Поговорив с Хьюбертом, я снова позвонил в клинику. Билли еще не вернулся. Мой собеседник на коммутаторе был крайне лаконичен, давая мне понять, что спрашивать следует «доктора Уильяма Нормана», а никак не «Билли». На это я в том же лапидарном стиле посоветовал ему заниматься исключительно своим делом. В противном случае кто-нибудь может ненароком обидеться и по несчастной случайности отправить его к зубному врачу. А потом велел разыскать Билли и передать, что Джек Хейджи будет у него через час. Внушение возымело действие: голос на том конце провода стал вежливей.
Вслед за тем я позвонил в полицейский участок капитану Рэю Тренкелу, моему единственному приятелю из правоохранительных органов. Ему я сказал, чтобы он меня дождался — я сейчас приеду. Он согласился, заметив, что с утра — не в духе. Отлично, я и сам в препоганом настроении.
Дал отбой, откатал рукава рубашки, убедился, что они просохли, взял блокнот и ручку, сунул их в карман и двинулся к двери, на ходу надевая шляпу. Вышел и дверь за собой запер.
Внизу, у схемы нашего дома, я увидел двух энергичных молодых людей в синих блейзерах — явных репортеров. Один уверял, что контора Хейджи — на втором этаже, а другой спросил меня:
— Простите, сэр, а вы не знакомы с этим самым Джеком Хейджи?
— Как же, как же, — отвечал я. — Горжусь знакомством с таким человеком.
— А вы не знаете случайно, он сейчас у себя?
— Нет его, — сказал я. — Мы с ним собирались закатиться куда-нибудь, но я его не застал. Секретарша сказала: он в Бруклине. Поехал брать Шефа.
Молодые люди, страшно воодушевившись, стали спрашивать, с кем имеют честь и где именно будет происходить задержание. Я назвался Мэтью Суэйном и отправил их в ресторанчик на углу Ностранд и Лафайетт-авеню. Репортеры прыгнули в свой фургон и рванули по указанному адресу.
Мэтью Суэйн — имя моего любимого героя научно-фантастических романов. Пусть-ка эти борзые ребята сошлются на него — сядут в лужу. А авеню Ностранд и Лафайетт пересекаются в квартале чернокожих.
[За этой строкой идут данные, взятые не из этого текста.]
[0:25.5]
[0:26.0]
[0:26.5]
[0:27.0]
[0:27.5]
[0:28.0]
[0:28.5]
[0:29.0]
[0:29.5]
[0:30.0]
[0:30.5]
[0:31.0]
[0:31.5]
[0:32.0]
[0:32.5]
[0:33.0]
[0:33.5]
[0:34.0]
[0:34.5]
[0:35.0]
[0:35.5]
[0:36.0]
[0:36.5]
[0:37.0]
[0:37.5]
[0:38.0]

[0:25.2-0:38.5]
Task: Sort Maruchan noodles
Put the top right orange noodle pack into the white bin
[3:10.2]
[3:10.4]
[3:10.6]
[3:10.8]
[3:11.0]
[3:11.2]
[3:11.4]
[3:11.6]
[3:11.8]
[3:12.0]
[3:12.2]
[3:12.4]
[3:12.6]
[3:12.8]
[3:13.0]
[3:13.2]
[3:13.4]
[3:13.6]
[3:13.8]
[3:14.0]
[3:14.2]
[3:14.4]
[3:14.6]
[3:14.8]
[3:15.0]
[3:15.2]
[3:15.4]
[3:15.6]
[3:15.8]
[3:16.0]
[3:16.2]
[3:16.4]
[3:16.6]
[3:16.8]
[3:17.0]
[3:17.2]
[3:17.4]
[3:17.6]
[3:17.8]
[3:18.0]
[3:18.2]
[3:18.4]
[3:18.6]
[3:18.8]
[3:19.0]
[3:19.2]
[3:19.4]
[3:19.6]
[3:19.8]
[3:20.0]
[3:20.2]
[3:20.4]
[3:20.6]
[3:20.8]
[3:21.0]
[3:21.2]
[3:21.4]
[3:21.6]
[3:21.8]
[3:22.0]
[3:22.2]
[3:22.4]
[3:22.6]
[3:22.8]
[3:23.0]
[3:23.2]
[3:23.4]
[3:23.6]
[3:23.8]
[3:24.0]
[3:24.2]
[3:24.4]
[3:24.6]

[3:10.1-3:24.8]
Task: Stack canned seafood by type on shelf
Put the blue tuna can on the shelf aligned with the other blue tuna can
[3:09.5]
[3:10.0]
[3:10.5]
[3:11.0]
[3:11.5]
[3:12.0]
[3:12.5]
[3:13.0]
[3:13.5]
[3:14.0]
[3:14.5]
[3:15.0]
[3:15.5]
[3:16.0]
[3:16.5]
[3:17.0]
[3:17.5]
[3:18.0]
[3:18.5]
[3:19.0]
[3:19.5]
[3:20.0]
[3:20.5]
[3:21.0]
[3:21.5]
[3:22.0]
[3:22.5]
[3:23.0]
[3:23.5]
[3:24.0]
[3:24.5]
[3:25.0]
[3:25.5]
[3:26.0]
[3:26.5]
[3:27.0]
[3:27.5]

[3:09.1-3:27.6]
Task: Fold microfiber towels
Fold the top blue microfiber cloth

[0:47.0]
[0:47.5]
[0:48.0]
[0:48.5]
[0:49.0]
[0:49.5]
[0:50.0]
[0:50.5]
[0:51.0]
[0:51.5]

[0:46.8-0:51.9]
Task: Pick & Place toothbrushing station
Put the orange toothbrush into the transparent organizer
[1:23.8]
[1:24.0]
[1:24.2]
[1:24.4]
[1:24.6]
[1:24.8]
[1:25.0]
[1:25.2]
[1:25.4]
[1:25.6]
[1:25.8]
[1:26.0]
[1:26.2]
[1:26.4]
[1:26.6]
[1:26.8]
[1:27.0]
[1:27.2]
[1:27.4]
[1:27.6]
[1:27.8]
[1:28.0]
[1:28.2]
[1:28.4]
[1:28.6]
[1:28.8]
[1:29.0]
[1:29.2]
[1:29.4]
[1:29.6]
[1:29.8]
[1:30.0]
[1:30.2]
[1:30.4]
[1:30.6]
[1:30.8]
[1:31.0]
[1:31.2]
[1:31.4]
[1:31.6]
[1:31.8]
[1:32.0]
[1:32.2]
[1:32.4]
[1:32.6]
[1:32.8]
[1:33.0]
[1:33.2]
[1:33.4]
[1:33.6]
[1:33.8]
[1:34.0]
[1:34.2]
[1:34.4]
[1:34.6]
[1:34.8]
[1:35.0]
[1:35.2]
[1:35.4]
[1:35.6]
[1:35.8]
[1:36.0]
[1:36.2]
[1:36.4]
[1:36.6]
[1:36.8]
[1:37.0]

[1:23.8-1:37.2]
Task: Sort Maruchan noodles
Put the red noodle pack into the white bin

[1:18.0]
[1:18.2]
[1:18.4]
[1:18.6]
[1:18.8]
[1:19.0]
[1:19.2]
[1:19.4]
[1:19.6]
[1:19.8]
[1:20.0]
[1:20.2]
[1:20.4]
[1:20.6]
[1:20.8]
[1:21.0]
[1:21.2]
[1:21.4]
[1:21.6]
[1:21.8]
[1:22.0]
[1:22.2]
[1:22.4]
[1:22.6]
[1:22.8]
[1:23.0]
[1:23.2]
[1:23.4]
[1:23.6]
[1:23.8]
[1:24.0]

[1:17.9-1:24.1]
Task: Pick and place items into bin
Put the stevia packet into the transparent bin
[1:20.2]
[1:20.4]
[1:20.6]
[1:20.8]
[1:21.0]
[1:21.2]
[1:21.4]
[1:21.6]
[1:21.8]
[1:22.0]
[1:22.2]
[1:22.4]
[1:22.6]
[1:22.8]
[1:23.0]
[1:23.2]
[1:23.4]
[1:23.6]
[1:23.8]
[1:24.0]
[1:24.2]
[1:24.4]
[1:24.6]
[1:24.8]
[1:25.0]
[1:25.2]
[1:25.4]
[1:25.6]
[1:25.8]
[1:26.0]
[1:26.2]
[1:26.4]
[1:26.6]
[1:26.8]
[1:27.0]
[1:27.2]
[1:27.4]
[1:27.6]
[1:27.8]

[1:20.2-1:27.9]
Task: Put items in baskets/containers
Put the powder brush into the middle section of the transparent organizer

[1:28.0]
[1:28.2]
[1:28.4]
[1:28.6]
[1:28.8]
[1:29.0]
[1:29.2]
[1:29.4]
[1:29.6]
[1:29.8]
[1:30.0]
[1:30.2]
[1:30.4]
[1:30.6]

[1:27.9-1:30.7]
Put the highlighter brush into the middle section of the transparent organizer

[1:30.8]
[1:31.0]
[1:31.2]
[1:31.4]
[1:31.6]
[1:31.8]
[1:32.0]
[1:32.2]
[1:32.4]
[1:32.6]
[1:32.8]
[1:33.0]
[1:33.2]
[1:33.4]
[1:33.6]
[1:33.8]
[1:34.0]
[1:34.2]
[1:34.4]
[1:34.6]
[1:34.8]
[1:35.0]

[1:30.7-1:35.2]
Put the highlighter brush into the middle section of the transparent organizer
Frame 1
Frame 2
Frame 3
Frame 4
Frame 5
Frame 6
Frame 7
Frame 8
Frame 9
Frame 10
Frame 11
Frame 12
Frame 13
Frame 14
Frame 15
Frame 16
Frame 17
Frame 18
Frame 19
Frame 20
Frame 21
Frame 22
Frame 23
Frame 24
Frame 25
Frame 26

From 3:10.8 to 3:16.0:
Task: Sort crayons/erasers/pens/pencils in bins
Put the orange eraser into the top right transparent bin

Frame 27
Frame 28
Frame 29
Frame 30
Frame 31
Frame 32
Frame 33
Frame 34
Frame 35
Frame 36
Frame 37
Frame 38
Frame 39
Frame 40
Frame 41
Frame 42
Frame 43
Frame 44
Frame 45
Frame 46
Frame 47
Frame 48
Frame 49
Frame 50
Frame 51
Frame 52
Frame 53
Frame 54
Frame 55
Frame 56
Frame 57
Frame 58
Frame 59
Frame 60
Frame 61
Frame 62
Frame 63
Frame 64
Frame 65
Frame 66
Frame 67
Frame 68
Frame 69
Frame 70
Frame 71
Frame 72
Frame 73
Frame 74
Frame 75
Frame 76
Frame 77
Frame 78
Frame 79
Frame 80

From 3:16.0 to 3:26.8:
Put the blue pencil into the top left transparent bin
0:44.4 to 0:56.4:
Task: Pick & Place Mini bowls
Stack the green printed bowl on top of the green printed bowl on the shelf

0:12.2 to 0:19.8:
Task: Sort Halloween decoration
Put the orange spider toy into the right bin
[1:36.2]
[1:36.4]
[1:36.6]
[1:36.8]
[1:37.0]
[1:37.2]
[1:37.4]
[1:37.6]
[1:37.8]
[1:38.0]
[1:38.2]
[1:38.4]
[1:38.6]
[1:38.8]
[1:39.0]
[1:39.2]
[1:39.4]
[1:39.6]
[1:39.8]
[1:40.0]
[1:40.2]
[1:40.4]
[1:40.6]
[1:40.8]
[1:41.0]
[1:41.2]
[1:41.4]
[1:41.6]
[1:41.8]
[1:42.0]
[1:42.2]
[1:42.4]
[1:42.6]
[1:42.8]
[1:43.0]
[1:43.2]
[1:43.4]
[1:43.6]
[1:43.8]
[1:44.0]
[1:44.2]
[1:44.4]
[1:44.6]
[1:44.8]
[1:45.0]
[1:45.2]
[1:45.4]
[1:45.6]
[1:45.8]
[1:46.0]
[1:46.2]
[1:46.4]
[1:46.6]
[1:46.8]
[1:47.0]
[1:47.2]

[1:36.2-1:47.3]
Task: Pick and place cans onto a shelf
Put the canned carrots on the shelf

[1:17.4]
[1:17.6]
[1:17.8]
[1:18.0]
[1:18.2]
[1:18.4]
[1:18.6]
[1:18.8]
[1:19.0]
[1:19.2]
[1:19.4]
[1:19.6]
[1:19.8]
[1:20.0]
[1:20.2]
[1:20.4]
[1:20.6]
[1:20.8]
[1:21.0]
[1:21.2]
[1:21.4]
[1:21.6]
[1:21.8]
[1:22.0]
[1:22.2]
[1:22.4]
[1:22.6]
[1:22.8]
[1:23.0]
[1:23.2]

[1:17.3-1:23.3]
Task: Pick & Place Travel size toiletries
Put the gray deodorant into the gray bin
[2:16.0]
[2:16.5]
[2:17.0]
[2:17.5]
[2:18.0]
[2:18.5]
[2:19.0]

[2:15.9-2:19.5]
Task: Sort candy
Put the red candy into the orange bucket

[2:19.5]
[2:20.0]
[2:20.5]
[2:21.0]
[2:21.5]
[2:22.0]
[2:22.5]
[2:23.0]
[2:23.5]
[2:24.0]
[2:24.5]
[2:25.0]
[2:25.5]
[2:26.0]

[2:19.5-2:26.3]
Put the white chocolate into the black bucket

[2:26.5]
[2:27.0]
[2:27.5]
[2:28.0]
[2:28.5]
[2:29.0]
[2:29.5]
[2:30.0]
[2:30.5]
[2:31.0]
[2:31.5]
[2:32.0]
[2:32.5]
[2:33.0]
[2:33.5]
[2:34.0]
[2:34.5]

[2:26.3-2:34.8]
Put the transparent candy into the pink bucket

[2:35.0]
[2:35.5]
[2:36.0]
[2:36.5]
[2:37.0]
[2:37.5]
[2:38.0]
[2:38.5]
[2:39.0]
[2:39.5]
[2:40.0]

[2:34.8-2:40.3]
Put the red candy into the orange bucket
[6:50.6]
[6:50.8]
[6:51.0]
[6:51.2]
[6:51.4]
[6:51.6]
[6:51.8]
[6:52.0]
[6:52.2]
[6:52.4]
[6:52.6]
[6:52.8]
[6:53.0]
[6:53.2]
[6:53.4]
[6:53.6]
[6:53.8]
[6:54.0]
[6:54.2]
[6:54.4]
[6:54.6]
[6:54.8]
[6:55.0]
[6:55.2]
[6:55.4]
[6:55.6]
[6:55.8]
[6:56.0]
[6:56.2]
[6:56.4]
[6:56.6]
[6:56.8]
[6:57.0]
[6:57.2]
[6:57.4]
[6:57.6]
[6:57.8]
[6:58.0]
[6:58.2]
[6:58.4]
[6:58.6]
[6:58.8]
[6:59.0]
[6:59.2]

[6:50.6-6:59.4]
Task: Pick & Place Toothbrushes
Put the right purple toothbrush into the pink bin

Местечко до того опасное, что патрульные полицейские выступают там исключительно квартетом. Местная шпана будет рада появлению двух белобрысых симпатичных джентльменов до смерти. Только вот вопрос — до чьей? Впрочем, я не слишком тревожился за репортеров. Хороший журналист сначала проверяет источник информации, а потом уже кидается очертя голову на место происшествия.